You can use this template where the highlighted lined are what you need to change:

from encord_active.lib.model_predictions.importers import import_mask_predictions
from encord_active.lib.model_predictions.writer import PredictionWriter

class_map = {
    # featureNodeHash: pixel_value
    "OTk2MzM3": 1,  # "pedestrian"
    "NzYyMjcx": 2,  # "cyclist",
    "Nzg2ODEx": 3,  # "car"
    # Note: value: 0 is reserved for "background"
}
predictions_root = Path("/path/to/predictions")
with PredictionWriter(cache_dir=data_dir, project=project) as writer:
    import_mask_predictions(
        project,
        data_root=predictions_root,
        cache_dir=data_dir,
        prediction_writer=writer,
        # this is what provides the mapping between file names and data hashes:
        du_hash_name_lookup=lambda file_pth: (file_pth.stem, 0),
    )
caution
  1. The script will look recursively for files with a .png extension and import them.
  2. For each file, every "self-contained" contour will be interpreted as an individual prediction. For example, This mask will be treated as three objects. Two from class 1 and one from class 2.
┌───────────────────┐
│0000000000000000000│
│0011100000000000000│
│0011100000002222000│
│0000000000002222000│
│0000111000002200000│
│0000111000002200000│
│0000111000000000000│
│0000000000000000000│
└───────────────────┘
  1. NB: model confidence scores will be set to 1... we're working on fixing this!

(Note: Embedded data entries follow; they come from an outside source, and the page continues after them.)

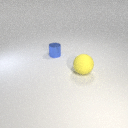
large yellow rubber sphere to the right of small blue metal cylinder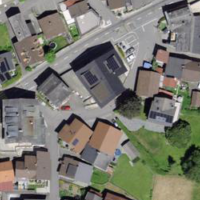
EUNIS habitat code: 54
Species observed at this site:
Fagus sylvatica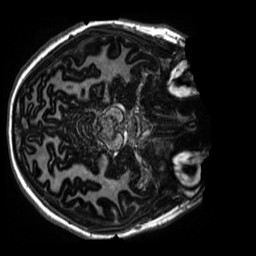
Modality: MP2RAGE
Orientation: axial
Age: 14
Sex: female
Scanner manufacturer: siemens
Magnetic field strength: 3 T
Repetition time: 4 s
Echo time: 0.00303 s
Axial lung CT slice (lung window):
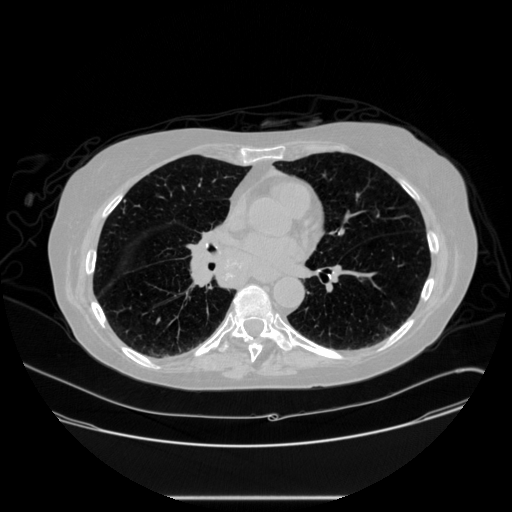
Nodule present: no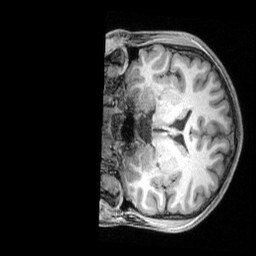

Running Metrics on Your Predictions

When you have imported your predictions, it is time to run all the metrics on them.

For this, you can use these lines of code:

from encord_active.lib.model_predictions.iterator import PredictionIterator
from encord_active.lib.metrics.execute import run_metrics

run_metrics(data_dir=data_dir, iterator_cls=PredictionIterator)

This will compute all the metrics for your predictions. Next time you run

encord-active visualise

You should be able to see the performance of your model based on the metrics.